===== Data to use =====
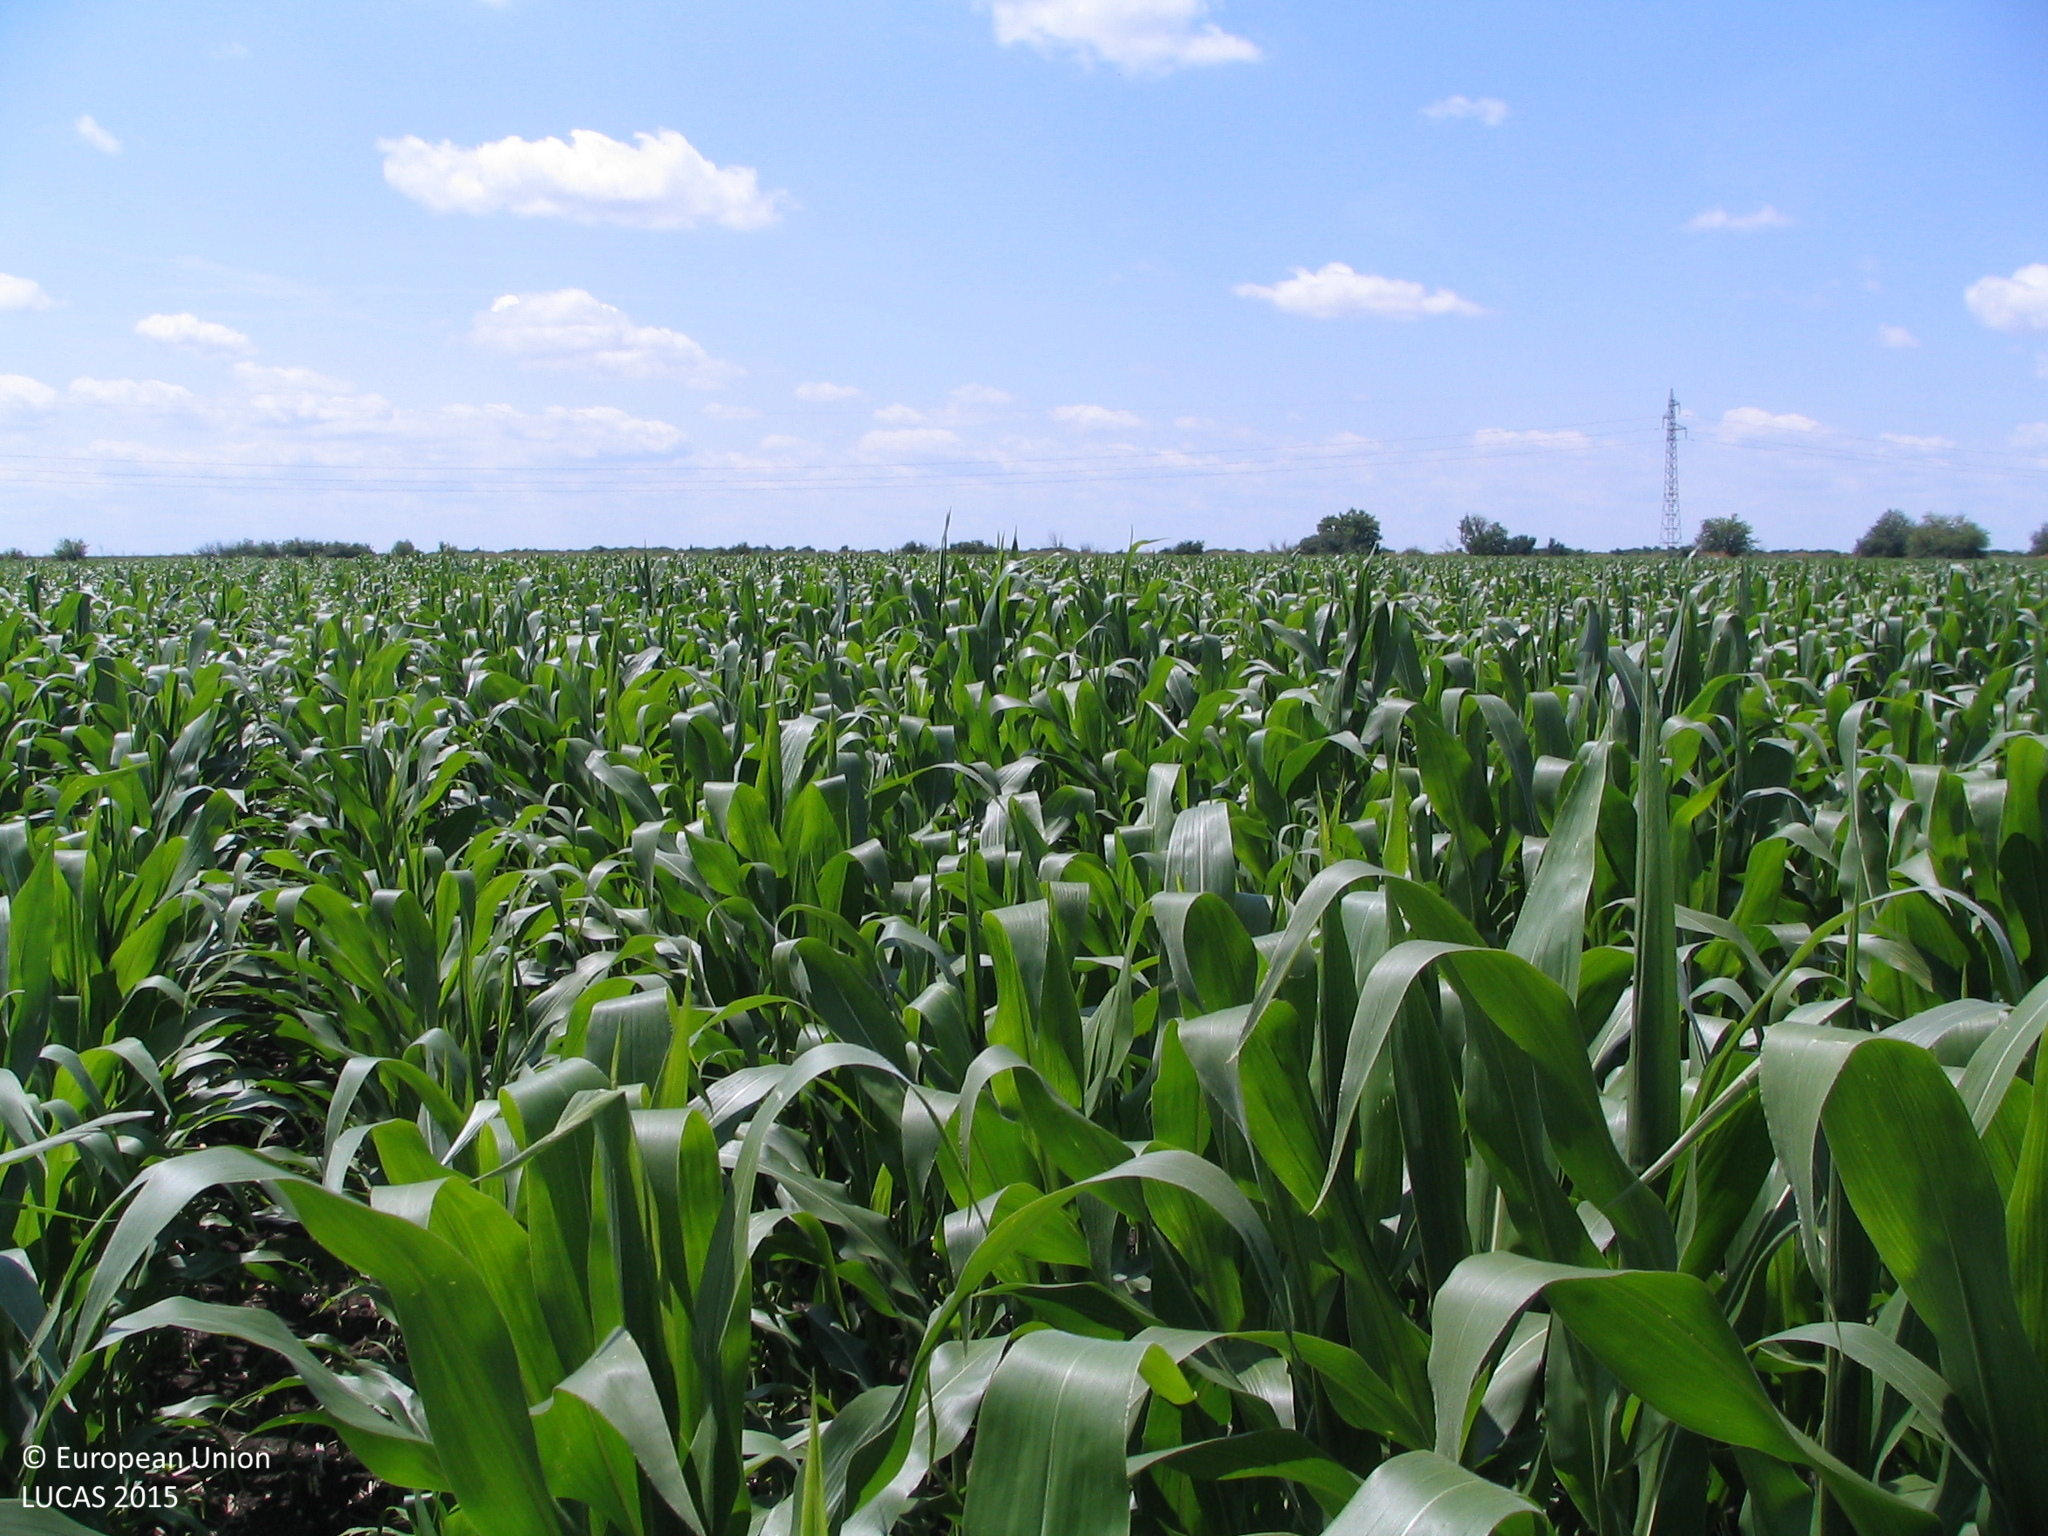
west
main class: Cropland
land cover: Maize
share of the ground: > 75 %
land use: Agriculture (excluding fallow land and kitchen gardens)
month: June
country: BG
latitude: 43.4403
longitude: 24.0768
=====
Return each entry exactly as it appears above, but exclude the pictures.

▶ **Written response**:
west
main class: Cropland
land cover: Maize
share of the ground: > 75 %
land use: Agriculture (excluding fallow land and kitchen gardens)
month: June
country: BG
latitude: 43.4403
longitude: 24.0768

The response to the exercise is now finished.